79. Olivia Spencer-Bower
Olive Trees at Assissi
Watercolour
26.4 x 37.5 cm
Signed
est. $2,000 - 3,000
Fetched $2,800
Relative Size: Olive Trees at Assissi
Relative size

Robert McDougall Art Gallery label affixed verso (Group Jubilee Exhibition, 1977)

Following her arrival from England in 1920 the young Olivia Spencer Bower became a pupil of Rangi-ruru Girls School, Christchurch. Encouraged by her mother, the artist Rosa Bower, Olivia established a reputation as one of New Zealand's most gifted young watercolourists. Eventually she became one of the few women artists of her time able to supported herself financially and pursue a career as a professional artist. Spencer Bower studied at the Canterbury College School of Art with fellow artists Rita Angus and Rata Lovell-Smith. Her tutors included Cecil Fletcher Kelly, Richard Wallwork, Leonard Booth and Archibald Frank Nicoll.

Returning to England in 1929 Spencer Bower studied at the Slade School, London under tutor Henry Tonks . From here, several extended trips were made to Europe before the artist's return to New Zealand two years later. Back in Christchurch Spencer Bower was invited to exhibit with The Group. This small reactionary collective of artists believed the Canterbury Society of Arts to cater for popular taste alone, thereby excluding younger, more adventurous painters. Members of The Group included Louise Henderson, Doris Lusk, Ngaio Marsh and Evelyn Page.

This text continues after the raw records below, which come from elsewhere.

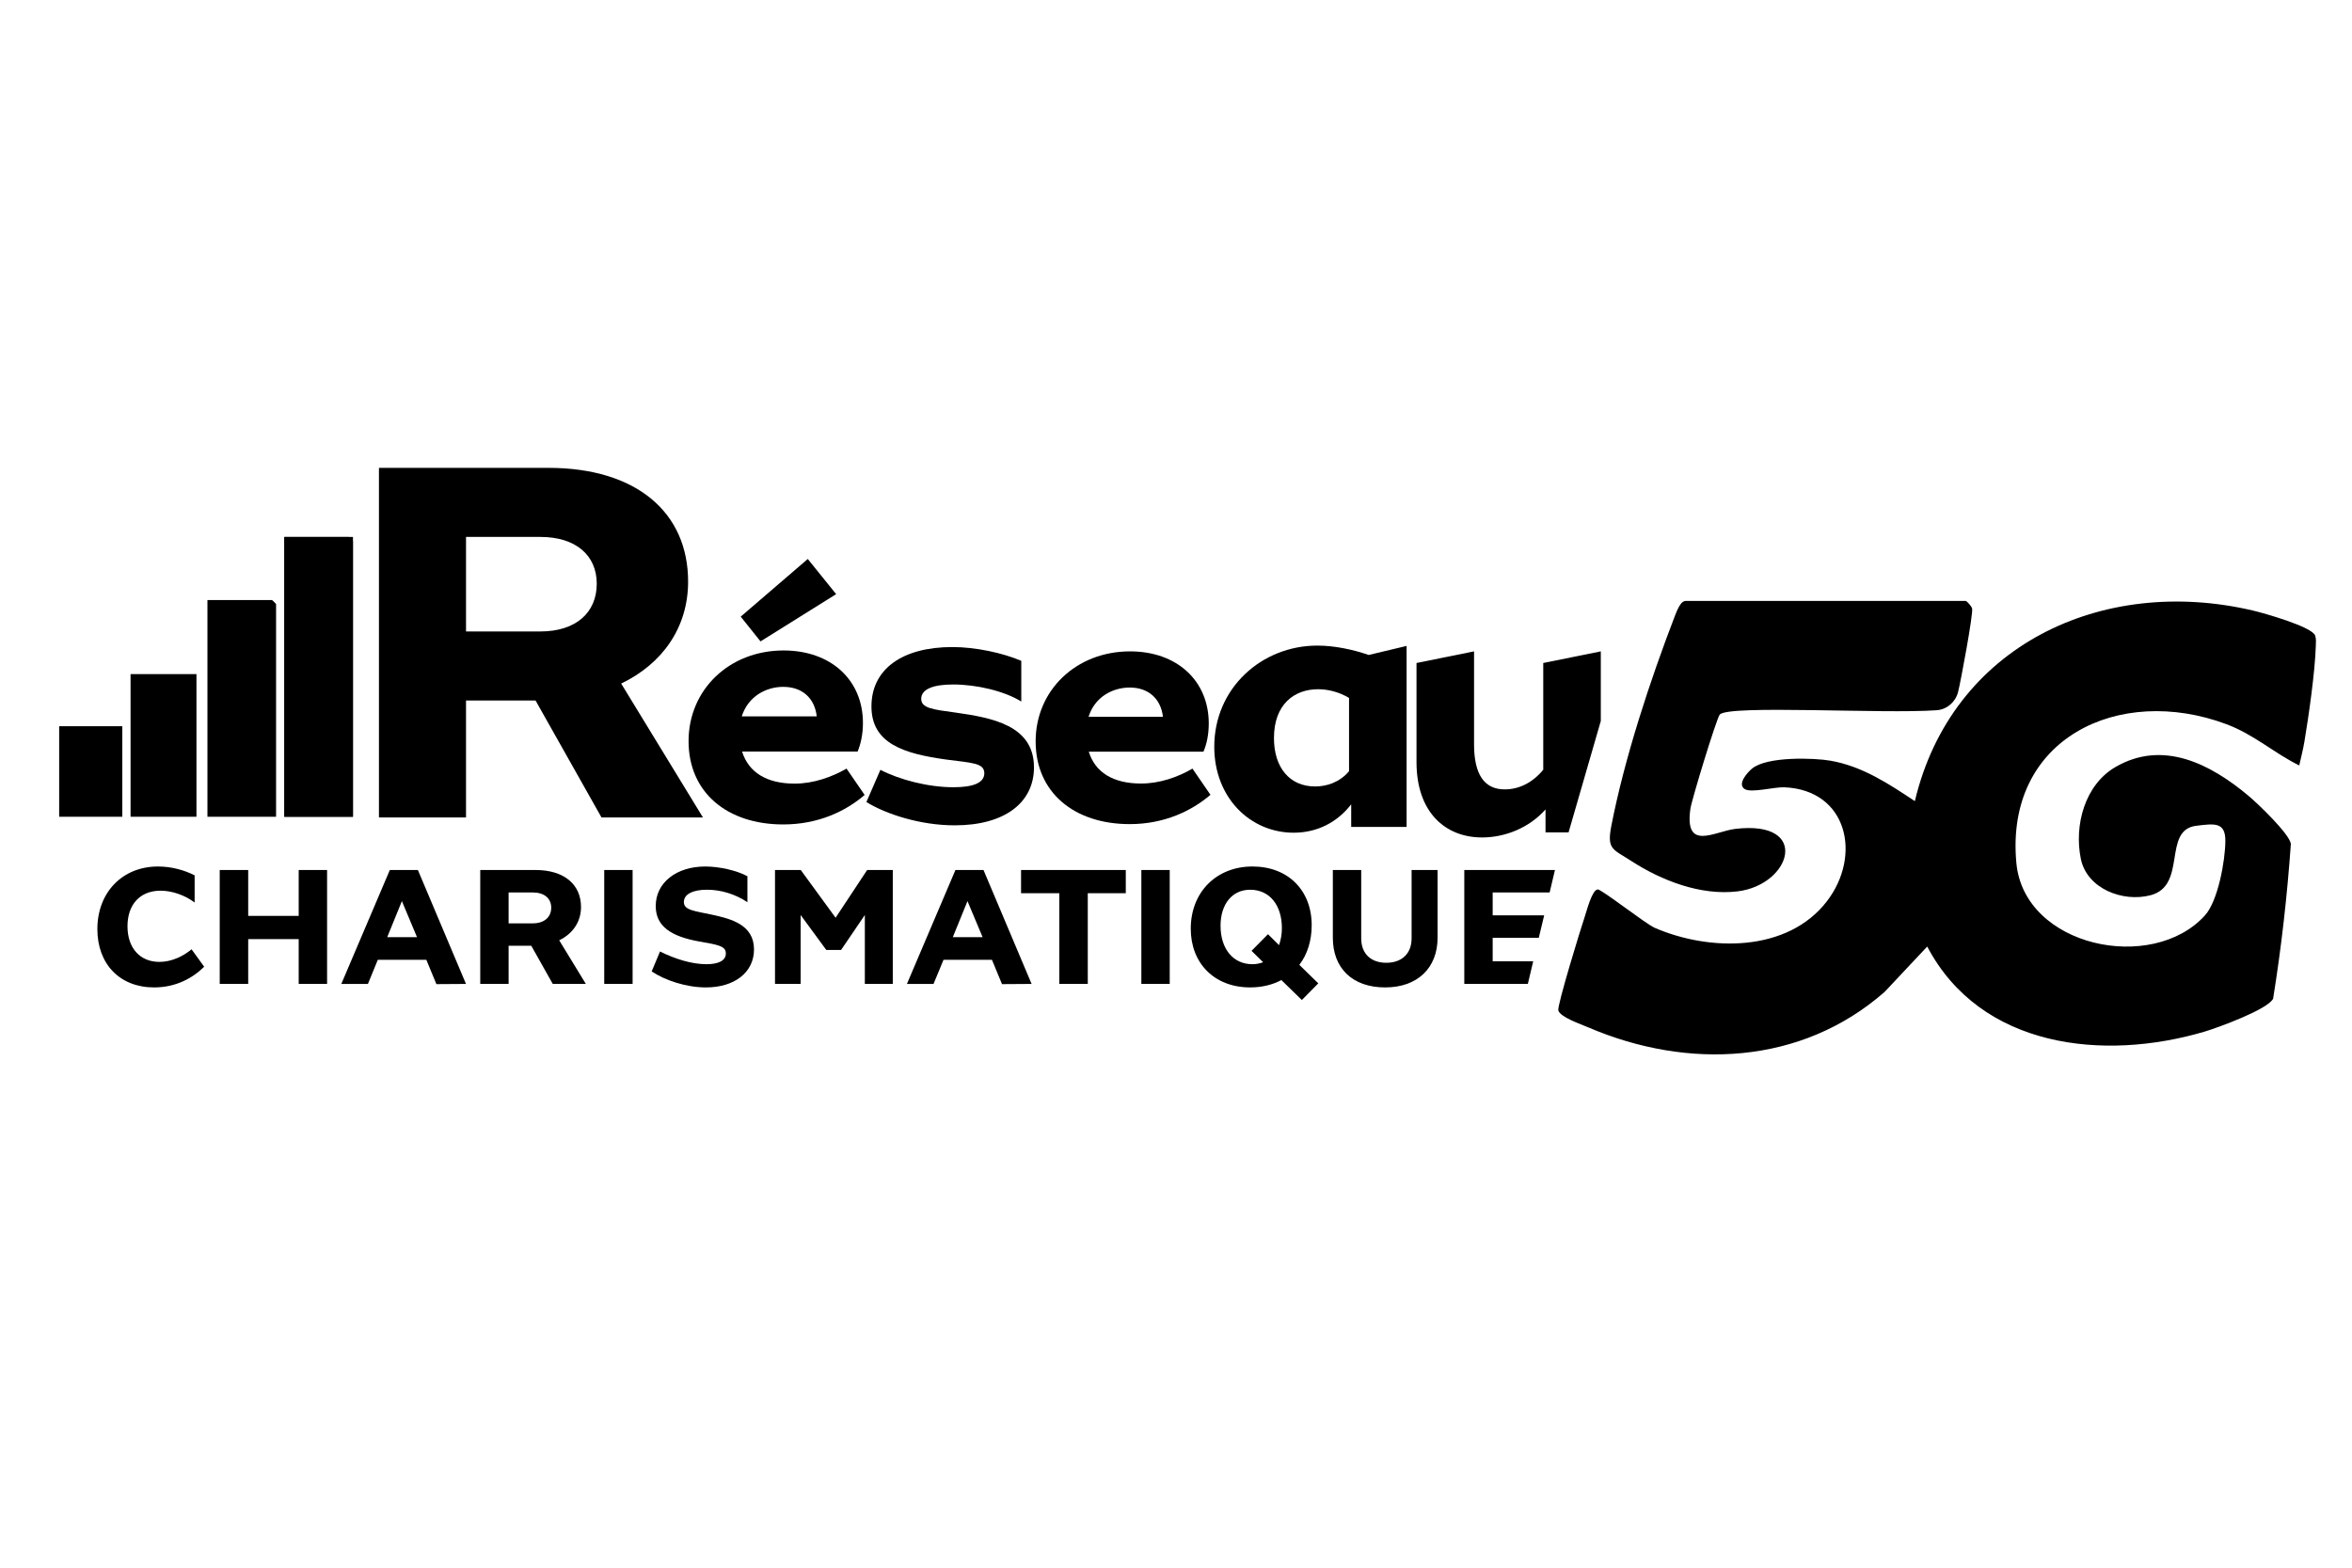 <?xml version="1.0" encoding="UTF-8"?>
<svg id="Calque_1" data-name="Calque 1" xmlns="http://www.w3.org/2000/svg" viewBox="0 0 1920 1280">
  <defs>
    <style>
      .cls-1 {
        fill: none;
      }
    </style>
  </defs>
  <g id="Digital_clear_space" data-name="Digital clear space">
    <path class="cls-1" d="M-9.09,1257.46c176.73,0,320-286.54,320-640S167.64-22.54-9.09-22.54"/>
    <path class="cls-1" d="M1910.91-22.54c-176.73,0-320,286.54-320,640s143.27,640,320,640"/>
    <path class="cls-1" d="M1590.91,1257.46c0-176.73-286.54-320-640-320s-640,143.27-640,320"/>
    <path class="cls-1" d="M310.91-22.54c0,176.73,286.54,320,640,320S1590.91,154.19,1590.91-22.54"/>
    <rect class="cls-1" x="-9.09" y="-22.54" width="1920" height="1280"/>
  </g>
  <g>
    <path d="M1876.94,625c-20.51-10.13-36.95-25.27-59.31-33.65-87.78-32.9-181.1,11.5-171.62,113.27,6.39,68.63,110.92,90.34,153.95,42.79,10.69-11.81,16.55-44.69,16.66-60.77.09-15.75-9.14-14.15-23.75-12.4-27.9,3.35-7.12,48.83-37.35,56.72-22.48,5.9-51.85-5.24-56.87-29.68-5.62-27.37,3.19-60.46,28.27-75.02,38.85-22.54,77.65-2.4,108.5,23.44,7.75,6.5,33.31,30.91,34.68,39.26-2.98,42.11-7.75,84.57-14.48,126.38-3.97,8.75-45.3,23.8-55.96,26.97-82.49,24.43-182.79,13.42-226.42-69.47l-34.7,36.97c-68.02,59.75-160.78,63.88-242.02,29.02-5.95-2.55-22.91-8.33-24.43-13.84-1.04-3.83,18.38-67.12,21.51-76.28,1.61-4.71,5.95-22.16,10.66-22.5,3.06-.22,39.53,28.44,46.64,31.4,44.71,19.34,108.3,20.1,140.49-21.79,28.51-37.1,17.01-90.69-34.64-93-8.48-.38-27.39,4.93-32.66,1.34-5.99-4.08,2.16-13.27,6.15-16.61,12.21-10.13,50.88-8.75,63.99-6.45,26.2,4.58,47.39,18.77,68.92,33.01,30.14-126.92,152.63-184.45,275.71-155.67,9.14,2.14,48.87,13.33,51.12,20.62.86,2.78.57,5.57.48,8.42-.66,21.18-5.73,56.69-9.32,78.18-1.1,6.5-2.8,12.93-4.21,19.34"/>
    <path d="M1604.64,490.62c1.24.35,4.76,4.47,5.24,6.12,1.12,3.9-9.32,60.07-11.46,68.3,0,.02-.02.05-.02.09-2.11,8.11-9.06,14.15-17.41,14.76-43.96,3.17-169.95-4.58-177.09,3.53-2.65,3.04-22.94,69.67-23.97,76.85-5.07,35.26,19.66,18.51,36.69,16.5,61.89-7.34,45.66,45.72,1.74,51.03-29.97,3.61-62.03-8.81-86.72-24.83-15.09-9.81-20.07-9.19-16.24-28.8,10.78-55.28,31.44-118.25,52.09-171.91,4.27-11.08,6.63-11.26,8.53-11.63h228.62Z"/>
    <path d="M288.13,666.86h-56.03v-228.45h52.66c.24,0,3.37,3.13,3.37,3.37v225.08Z"/>
    <path d="M225.37,666.86h-56.03v-176.93h52.66c.24,0,3.37,3.11,3.37,3.35v173.58Z"/>
    <rect x="106.58" y="550.4" width="53.79" height="116.47"/>
    <rect x="48.3" y="592.95" width="51.54" height="73.92"/>
    <path d="M156.38,775.09c-6.54,5.46-16,10.29-26.29,10.29-16,0-26.02-11.54-26.02-29.08s10.02-29.06,27.01-29.06c9.56,0,19.94,3.75,27.81,9.65v-22.17c-8.59-4.38-19.06-7.23-29.96-7.23-28.8,0-49.45,20.93-49.45,51.14,0,28.44,18.24,47.59,46.32,47.59,17.87,0,31.57-7.69,40.87-16.9l-10.29-14.23Z"/>
    <polygon points="243.84 710.35 243.84 747.81 202.61 747.81 202.61 710.35 179.37 710.35 179.37 803.34 202.61 803.34 202.61 766.78 243.84 766.78 243.84 803.34 267 803.34 267 710.35 243.84 710.35"/>
    <path d="M341.14,710.35h-22.91l-39.6,93.01h21.72l8.06-19.68h39.62l8.22,19.85,24.15-.16-39.26-93.01ZM316.1,765.17l11.97-29.42,12.34,29.42h-24.32Z"/>
    <path d="M456.5,767.76c10.82-5.27,17.8-14.85,17.8-27.19,0-18.33-13.68-30.23-37.21-30.23h-45.06v93.01h23.16v-31.13h18.51l17.52,31.13h27.01l-21.73-35.59ZM434.95,753.9h-19.76v-25.21h19.76c9.39,0,15.03,4.82,15.03,12.43s-5.55,12.78-15.03,12.78"/>
    <rect x="493.25" y="710.35" width="23.16" height="93"/>
    <path d="M581.61,746.92c-15.11-3.22-23.35-3.75-23.35-10.45,0-6.35,7.34-10.02,18.79-10.02s22.98,3.48,33.09,10.18v-21.18c-8.84-4.83-23.16-7.96-34.42-7.96-23.53,0-40.43,13.15-40.43,32.28,0,16.55,12.52,24.86,35.69,28.98,15.47,2.67,21.55,3.75,21.55,9.74,0,5.64-5.64,8.77-15.84,8.77-12.07,0-25.74-4.3-37.9-10.38l-6.81,16.28c11,7.34,28.27,13.06,44.27,13.06,23.44,0,39.26-12.34,39.26-31.04,0-20.2-18.79-24.94-33.89-28.25"/>
    <polygon points="707.88 710.35 682.12 749.33 653.68 710.35 632.66 710.35 632.66 803.34 653.59 803.34 653.59 747.1 674.52 775.62 686.6 775.62 705.99 747.1 705.99 803.34 728.81 803.34 728.81 710.35 707.88 710.35"/>
    <path d="M802.86,710.35h-22.91l-39.6,93.01h21.72l8.15-19.68h39.53l8.22,19.85,24.15-.16-39.26-93.01ZM777.81,765.17l11.97-29.42,12.34,29.42h-24.32Z"/>
    <polygon points="833.52 710.35 833.52 729.3 864.74 729.3 864.74 803.34 887.98 803.34 887.98 729.3 919.01 729.3 919.01 710.35 833.52 710.35"/>
    <rect x="931.72" y="710.35" width="23.16" height="93"/>
    <path d="M1060.68,787.79c6.52-8.5,10.09-19.66,10.09-32.37,0-28.44-19.23-47.94-48.37-47.94s-50.35,20.65-50.35,50.79c0,28.36,19.41,47.94,48.48,47.94,9.65,0,18.24-2.14,25.49-5.99l16.72,16.28,13.42-13.59-15.47-15.12ZM1044.12,771.7l-9.03-8.94-13.42,13.59,9.48,9.3c-2.69.99-5.55,1.61-8.77,1.61-16,0-26.02-12.8-26.02-31.38,0-17.54,9.39-29.42,24.15-29.42,16,0,25.93,12.69,25.93,31.38,0,5.09-.9,9.74-2.33,13.86"/>
    <path d="M1152.33,710.35v55.72c0,13.15-8.59,20.03-20.65,20.03s-20.49-6.88-20.49-20.03v-55.72h-23.16v55.26c0,25.05,16.11,40.61,42.66,40.61s42.85-16.02,42.85-40.61v-55.26h-21.2Z"/>
    <polygon points="1195.34 710.35 1195.34 803.34 1247.22 803.34 1251.59 784.92 1218.51 784.92 1218.51 765.7 1256.15 765.7 1260.55 747.37 1218.51 747.37 1218.51 728.68 1265.01 728.68 1269.3 710.53 1269.3 710.35 1195.34 710.35"/>
    <path d="M507.08,558.13c33.42-16.06,54.64-45.5,54.64-83.26,0-56.41-42.09-92.87-114.09-92.87h-138.28v285.42h71.08v-95.45h56.76l53.81,95.45h82.82l-66.74-109.29ZM441.16,515.58h-60.73v-77.18h60.73c28.62,0,45.98,14.78,45.98,38.23s-16.9,38.95-45.98,38.95"/>
    <path d="M659.41,456.41l-54.75,47.07,16.17,20.21,61.74-38.58-23.16-28.71ZM691.06,627.55c-12.27,7.01-27.04,12.27-42.37,12.27-22.98,0-37.66-9.32-42.92-26.2h94.33c2.4-5.82,4.34-13.66,4.34-23.27,0-35.27-26.22-59.25-64.8-59.25-44.22,0-77.54,31.93-77.54,74.03s31.68,68.02,77.27,68.02c28.71,0,51.14-10.89,66.46-24.08l-14.78-21.51ZM639.38,560.81c15.87,0,25.76,9.59,27.32,24.1h-61.19c5.25-16.44,19.94-24.1,33.87-24.1"/>
    <path d="M779.71,581.76c-18.46-2.49-27.69-3.61-27.69-11.17,0-8.13,10.33-11.72,26.02-11.72,19.02,0,41.73,5.26,55.66,13.93v-33.23c-15.14-6.46-37.19-11.26-56.21-11.26-41.16,0-66.1,18.18-66.1,48.47s26.31,38.58,61.03,43.38c21.04,2.76,31.11,2.76,31.11,11.17s-10.35,11.44-25.21,11.44c-20.67,0-43.93-6.08-59.62-14.21l-11.44,26.31c15.97,9.78,43.65,19.01,72.18,19.01,40.61,0,64.62-18.46,64.62-47.35,0-34.42-34.44-40.52-64.34-44.77"/>
    <path d="M973.44,627.56c-12.18,7.1-26.86,12.18-42,12.18-22.8,0-37.48-9.14-42.64-26.02h93.6c2.49-5.64,4.34-13.59,4.34-23,0-34.99-26.04-58.88-64.25-58.88-43.94,0-77.07,31.75-77.07,73.48s31.47,67.56,76.79,67.56c28.43,0,50.68-10.89,65.92-23.91l-14.68-21.4ZM922.21,561.37c15.69,0,25.47,9.5,27.14,23.91h-60.73c5.07-16.35,19.76-23.91,33.6-23.91"/>
    <path d="M1117.32,534.77c-12.84-4.43-27.96-7.65-41.91-7.65-45.5,0-84.17,34.72-84.17,82.61,0,41.64,29.44,70.16,64.8,70.16,19.37,0,35.72-8.59,46.98-23.18v18.46h45.23v-147.78l-30.93,7.38ZM1101.26,629.67c-7.75,9.23-18.46,12.47-27.69,12.47-20.78,0-33.6-15.42-33.6-39.51,0-27.7,16.7-39.88,36-39.88,8.02,0,16.97,2.12,25.29,7.1v59.82Z"/>
    <path d="M1259.8,541.33v87.14c-8.59,10.44-19.57,16.06-31.48,16.06-16.63,0-25.01-12.18-25.01-36.82v-75.88l-46.98,9.5v80.86c0,41.09,23.53,61.58,53.54,61.58,19.01,0,38.67-8.04,51.78-22.89v18.73h18.82l26.31-90.93v-56.85l-46.98,9.5Z"/>
    <rect x="232.1" y="438.41" width="56.03" height="228.45"/>
  </g>
</svg>

In 1943 Spencer Bower travelled to Northland where she painted with Sydney Lough Thompson, newly returned from Brittany. Later that year she enrolled at Auckland's Elam School Art, continuing her studies under John Weeks , Anna Lois White and A J C Fisher. The following years saw Spencer Bower visit Queenstown and Kaikoura whilst caring for her aged mother. After her mother's death in 1960, Spencer Bower spent three months exploring the Pacific Islands, visiting Fiji, Samoa and Tahiti. On her return she exhibited fifty seven island paintings at the Canterbury Society of Arts. Several trips were made to Europe in the mid 1960s. In 1980 at the age of 75, she received the Canterbury Society of Arts' silver medal for services to visual arts.

Spencer Bower was a colourful figure in New Zealand art circles, easily recognisable at gallery openings by the picture hats she favoured and the cheroots she habitually smoked. The artist never married, and before her death in 1982, she established a foundation to finance artists' scholarships now funded by her estate. Spencer-Bower worked competently in numerous mediums including watercolour, acrylic and oil, as well as producing a number of linocut and woodblock prints.